A production-oriented Grafana deployment with hardened config, reverse proxy, backups, and operations runbooks.

When teams adopt Grafana quickly, they often begin with a single-container demo and then hit production blockers: dashboard loss during upgrades, ad-hoc credentials, weak network boundaries, and alert routing that silently fails under stress. This guide gives you a practical production baseline that remains simple enough for one Ubuntu host while still enforcing disciplined operations.
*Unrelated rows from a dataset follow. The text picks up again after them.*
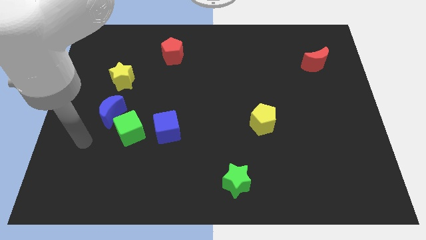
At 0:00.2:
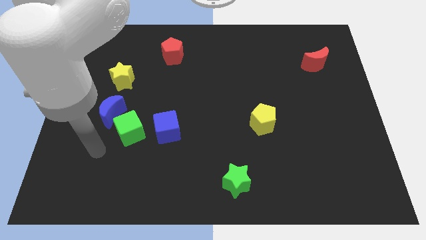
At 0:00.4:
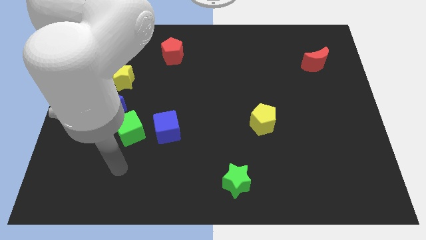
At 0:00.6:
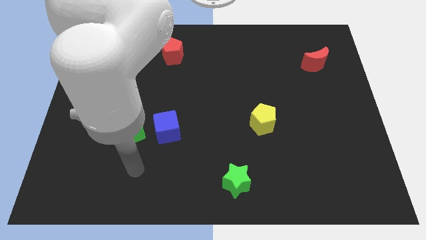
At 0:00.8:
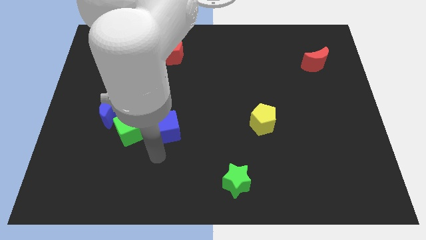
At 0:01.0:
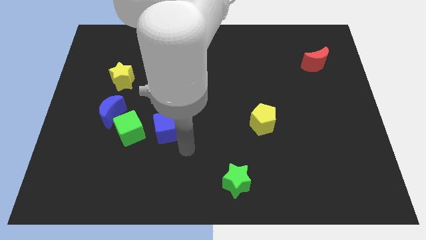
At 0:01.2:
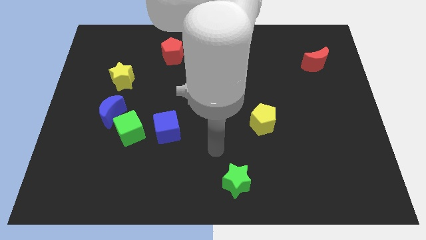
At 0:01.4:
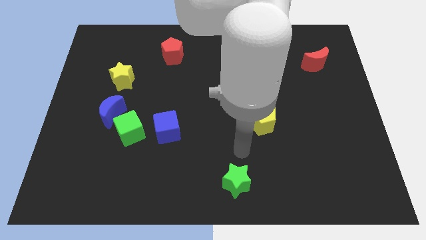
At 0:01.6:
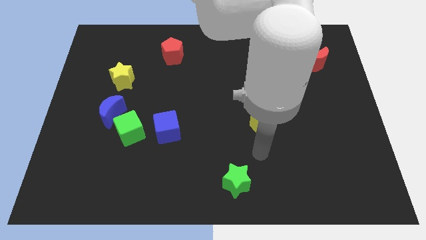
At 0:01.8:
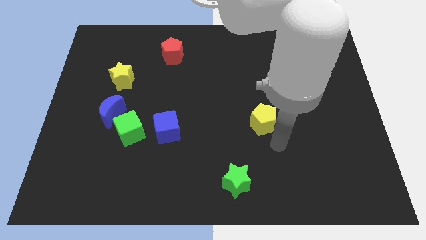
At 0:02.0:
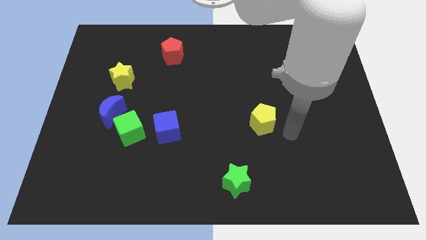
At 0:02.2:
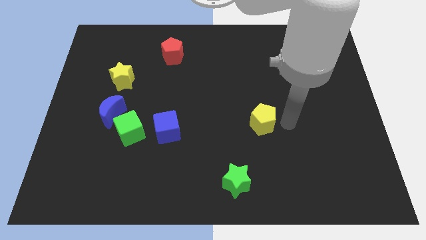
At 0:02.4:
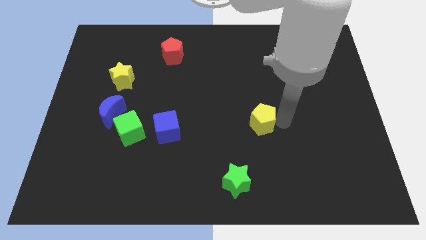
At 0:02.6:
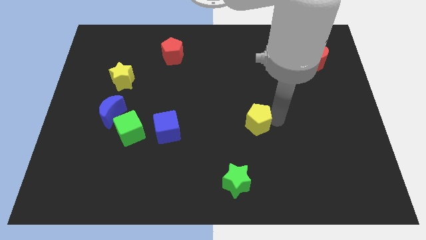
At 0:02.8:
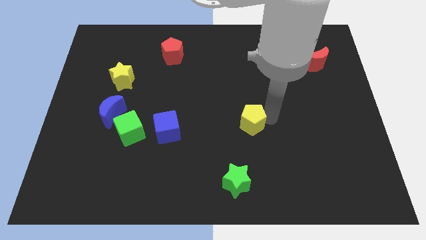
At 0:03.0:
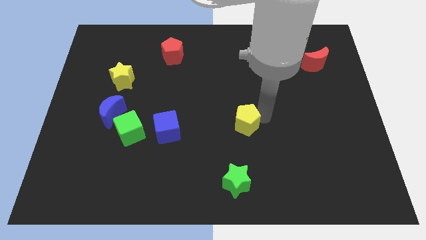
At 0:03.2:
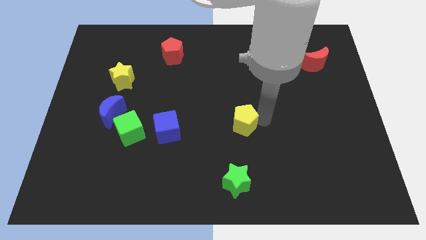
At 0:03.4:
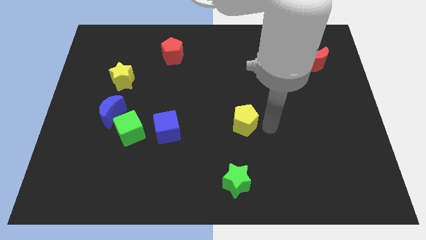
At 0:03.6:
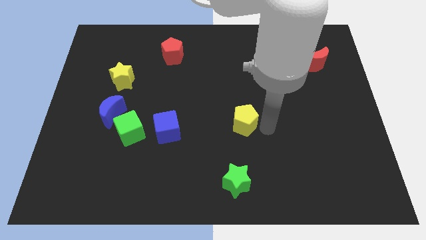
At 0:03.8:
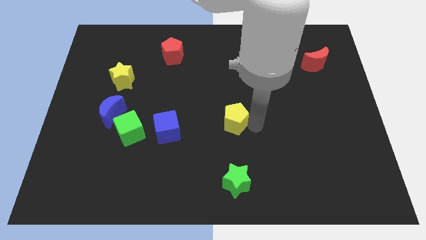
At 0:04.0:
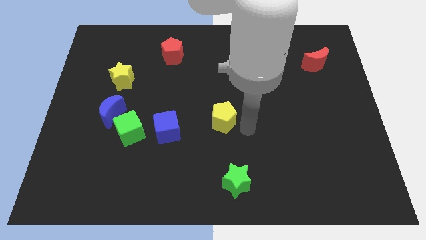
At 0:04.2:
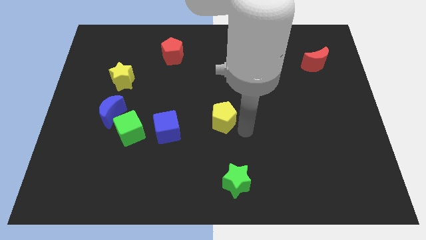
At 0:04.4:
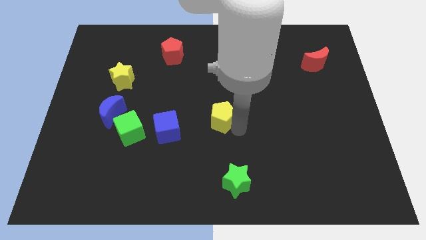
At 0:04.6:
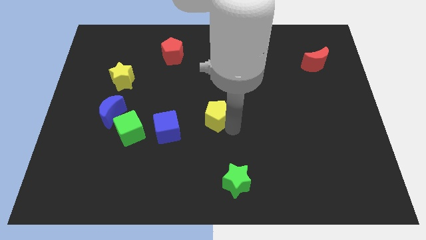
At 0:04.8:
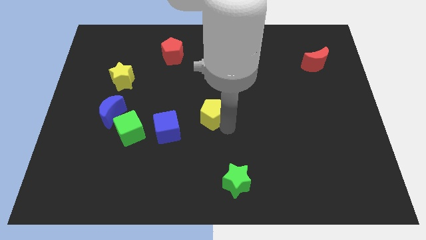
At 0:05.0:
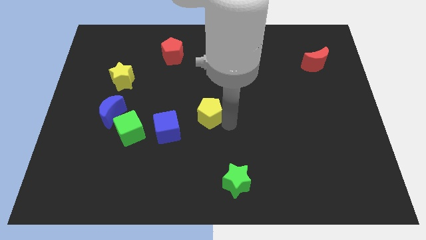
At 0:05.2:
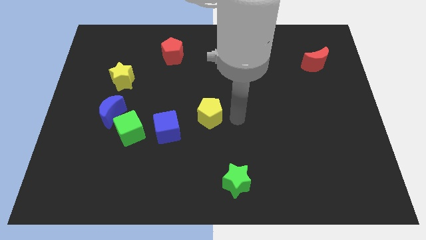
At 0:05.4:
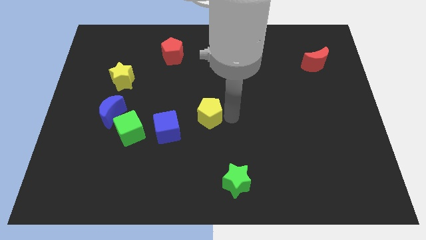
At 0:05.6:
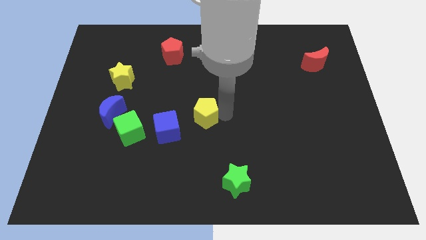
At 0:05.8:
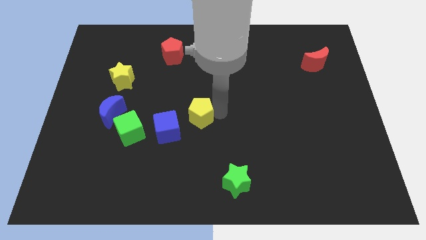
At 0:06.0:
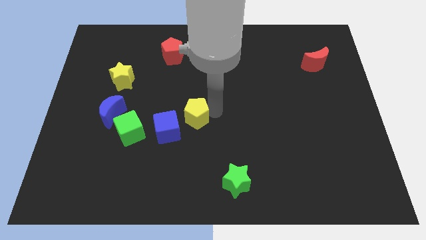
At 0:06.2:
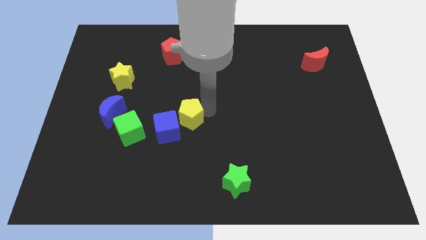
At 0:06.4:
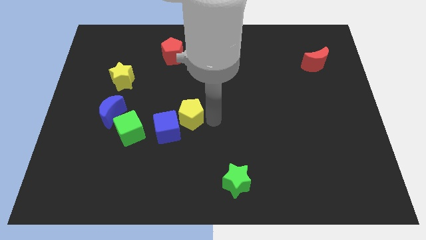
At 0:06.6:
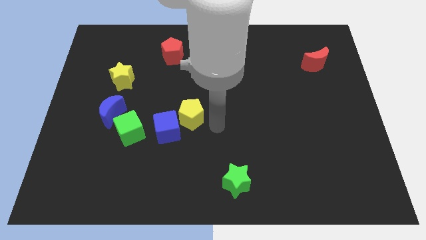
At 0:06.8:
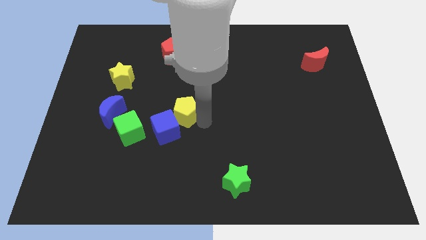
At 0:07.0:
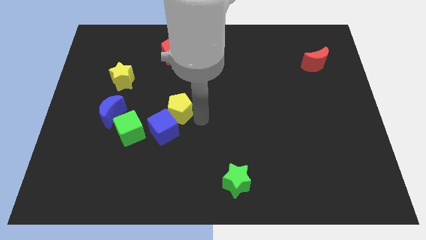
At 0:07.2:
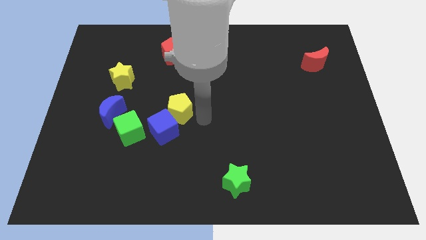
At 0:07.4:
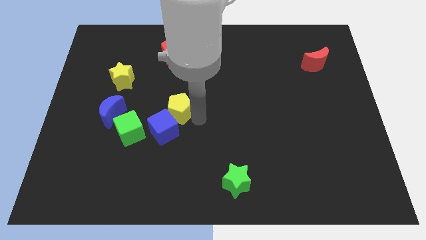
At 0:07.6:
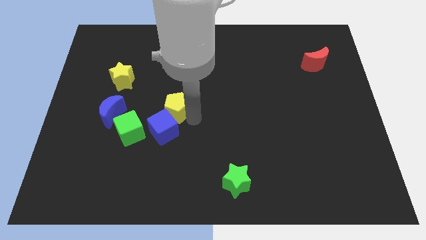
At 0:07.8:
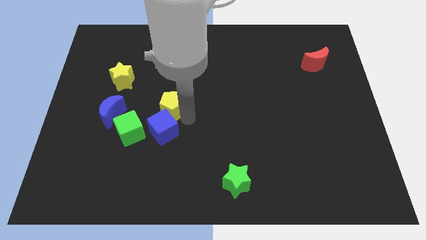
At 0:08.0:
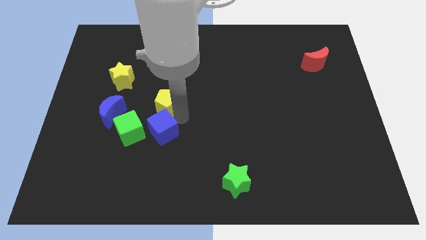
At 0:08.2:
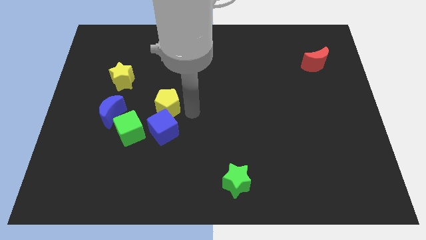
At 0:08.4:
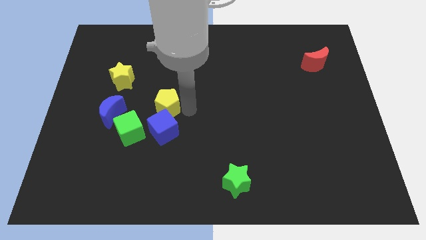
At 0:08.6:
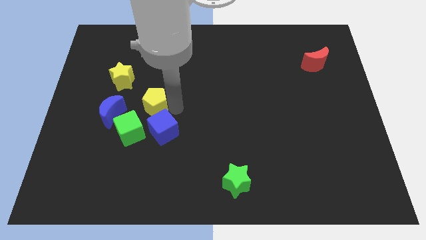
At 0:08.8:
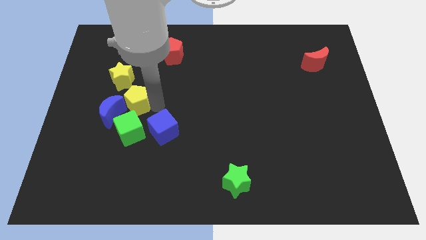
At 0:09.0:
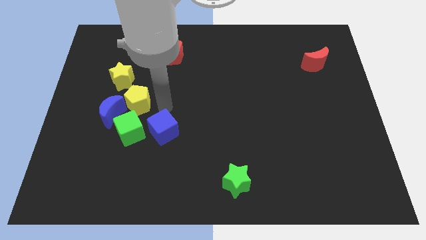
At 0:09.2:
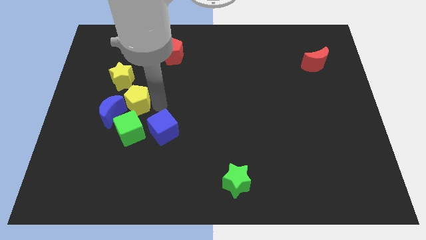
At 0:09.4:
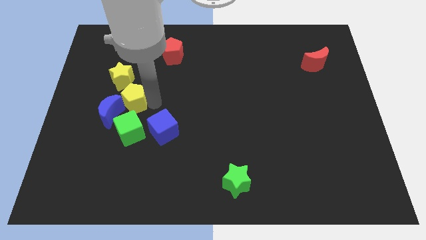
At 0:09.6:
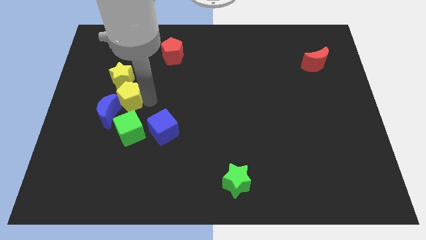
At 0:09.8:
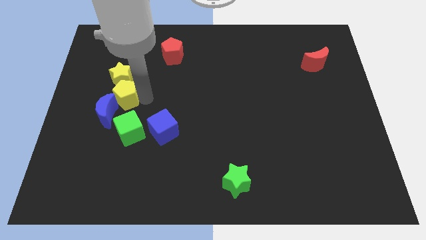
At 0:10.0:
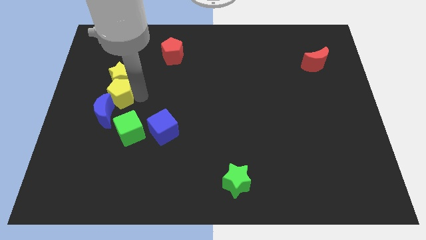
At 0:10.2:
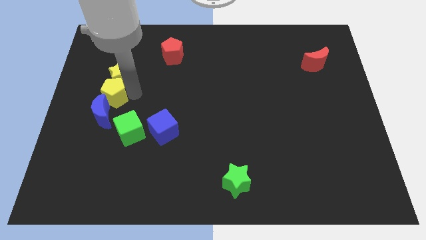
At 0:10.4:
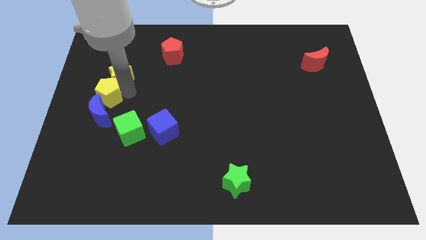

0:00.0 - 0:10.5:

We deploy Grafana with Docker Compose, put Nginx in front as the policy boundary, and store Grafana state in PostgreSQL. The workflow is intentionally operations-first: deterministic startup ordering, explicit network boundaries, backup and restore paths, and troubleshooting procedures your on-call team can execute quickly without improvisation.

Real-world use case: a SaaS team has outgrown ad-hoc monitoring. They need reliable dashboards and alerting for app, infrastructure, and database performance across staging and production, with role-based access and an upgrade path to multi-node architecture later. This setup provides that baseline today and keeps migration options open for tomorrow.

Architecture and flow overview

The stack has three core services: PostgreSQL for durable Grafana state, Grafana for dashboards and alerting, and Nginx as the edge reverse proxy. Incoming requests land at Nginx, then forward privately to Grafana. Grafana writes metadata to PostgreSQL over an internal Docker network not directly exposed to the public internet.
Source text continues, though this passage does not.